Document categorization can be difficult because there are so many different types of documents, different writing purposes and different document formats. Because of this difficulty, and the nature of machine learning, we will never have 100% accuracy when it comes to classification; however, some companies are getting close.
Applications of document categorization and AI-based content summarization
Content summarization can be applied to many fields. The need to quickly summarize documents has led companies to adopt AI document summarization tools.
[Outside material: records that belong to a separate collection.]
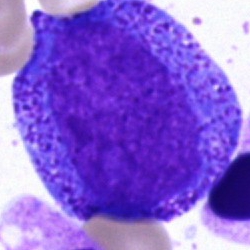Q: Which cell type is shown here?
A: This is a progranulocyte.
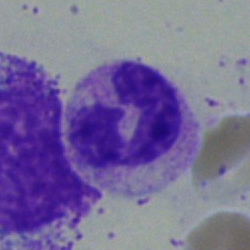Cell: neutrophil (band).
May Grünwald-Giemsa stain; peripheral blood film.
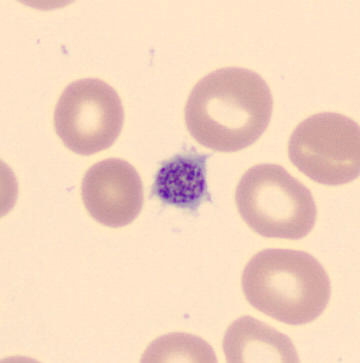

Thrombocyte.
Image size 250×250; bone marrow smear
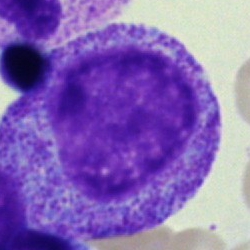

Cell type: promyelocyte.
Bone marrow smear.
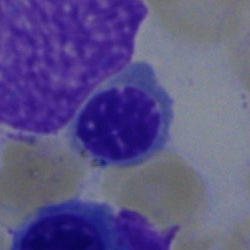

Nucleated red cell.
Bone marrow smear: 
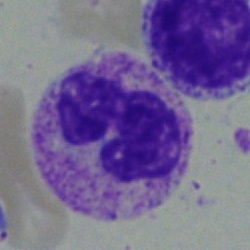
Morphology consistent with a band neutrophil.
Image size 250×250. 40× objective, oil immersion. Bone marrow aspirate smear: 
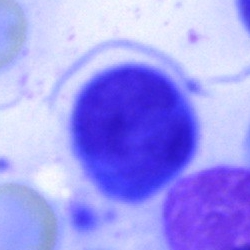Q: Which cell type is shown here?
A: This is a cell of indeterminate lineage.
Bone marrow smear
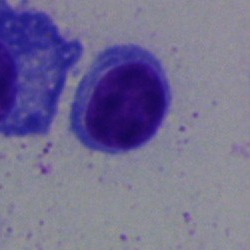
Q: Identify the cell.
A: It is a lymphocyte.
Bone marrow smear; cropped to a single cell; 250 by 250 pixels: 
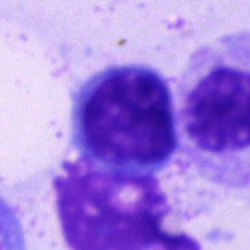 Impression — lymphocyte.
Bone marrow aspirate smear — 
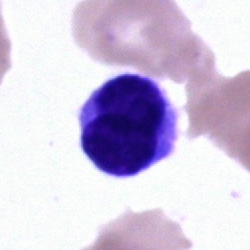The cell shown is a typical lymphocyte.
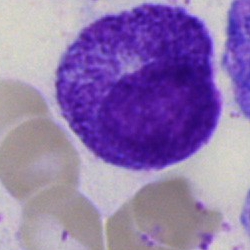

Q: What is shown here?
A: This is a progranulocyte.
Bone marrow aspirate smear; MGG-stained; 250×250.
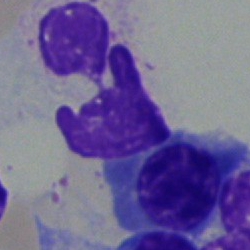
Specimen: bone marrow smear.
Cell type: normoblast.
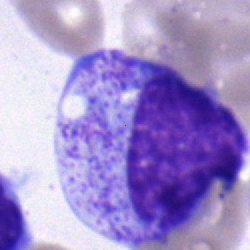 Single cell identified as a promyelocyte.
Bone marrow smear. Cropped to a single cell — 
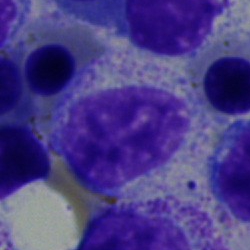Cell = myelocyte.
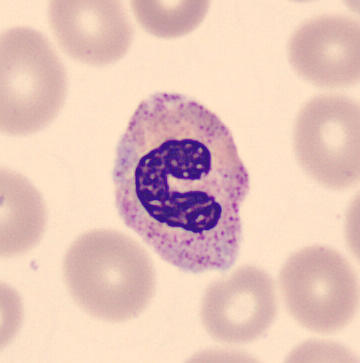
Cell type: neutrophil (band).
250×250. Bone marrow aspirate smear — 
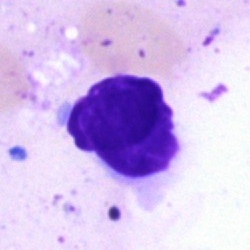

Cell type: artefact.
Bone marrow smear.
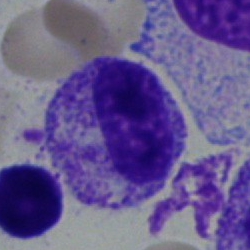Single cell identified as a myelocyte.
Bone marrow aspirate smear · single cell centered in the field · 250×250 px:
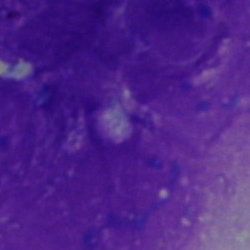

Cell type — artifact.
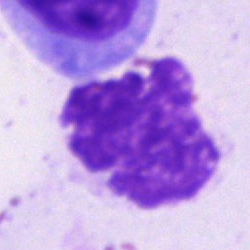This is an artefact.
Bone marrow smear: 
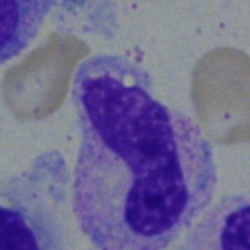

Showing a neutrophil (band).
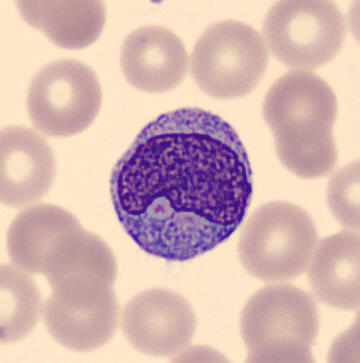

Q: What is the morphological classification of this cell?
A: It is a monocyte.
Peripheral blood film.
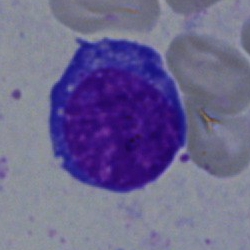 The cell is nucleated red blood cell.
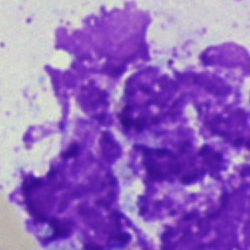Bone marrow aspirate smear, single cell — artefact.
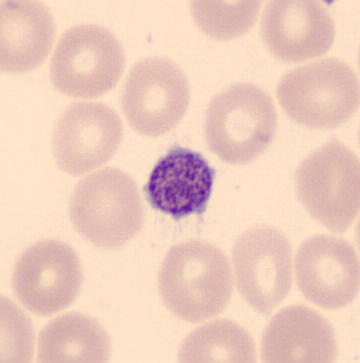Peripheral blood film. Cell type: thrombocyte.
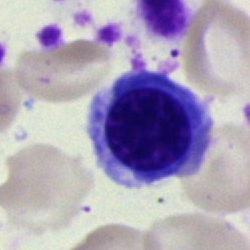Impression — normoblast.
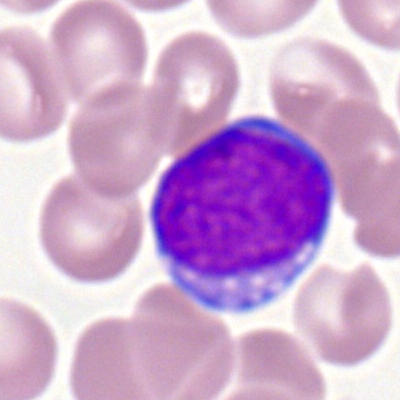Morphological class = myeloblast.
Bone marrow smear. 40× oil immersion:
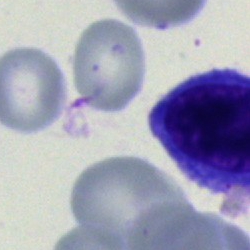
{"cell_type": "unidentifiable cell"}

Because these two functions often go hand in hand, these tools can also provide document categorization.
The medical field is no stranger to documents and is seeing content summarization being applied to help in various ways. More medical offices and facilities are starting to use the technology to quickly summarize medical documents. These summaries are then used to route the documents to the appropriate medical professional. For example, a document regarding a nose condition would be summarized and then routed to an ear, nose and throat physician.
Marketing companies have been using AI-based document summarization to take long content and condense it down to more digestible content. This short content is much more usable in regard to social media campaigns and accounts. Using AI to summarize these documents allows marketing professionals to perform a task much faster than they could if only humans were involved.
AI-based summarization has found its way into the legal realm as well where it performs initial analysis of legal contracts. Legal documents can be difficult to read due to their complex writing and terminology. The summaries generated by this technology can give an idea of what the document says and better prepare the reader for understanding the document as a whole. It can also be used to determine whether there may be hidden clauses or risks in a document.
Document summarization is also being utilized by search engine companies to pare down documents and provide quick synopses to be displayed in search results. Keywords can also be extracted using document summarization. Similarly, it's also being used by internal search engines at companies and government agencies to help quickly sort through the vast amounts of data they have and retrieve the necessary information for which they are searching.
Moving forward with content summarization
Despite the efforts of researchers, startups and companies, searching documents can still be difficult. Data is constantly being generated at an astounding rate, and most of this data is unstructured. However, the use of AI-enabled content summarization is making a significant impact, giving more visibility and understanding to this information. The ability to use AI-enabled content summarization to analyze documents allows organizations to quickly digest petabytes of data quickly.
AI is enabling their employees to do their jobs more effectively, allowing organizations to handle information they previously lacked the manpower to handle and allowing marketing departments to generate more content than previously. In this way, the application of AI to content summarization will continue to provide value for many industries in the years ahead.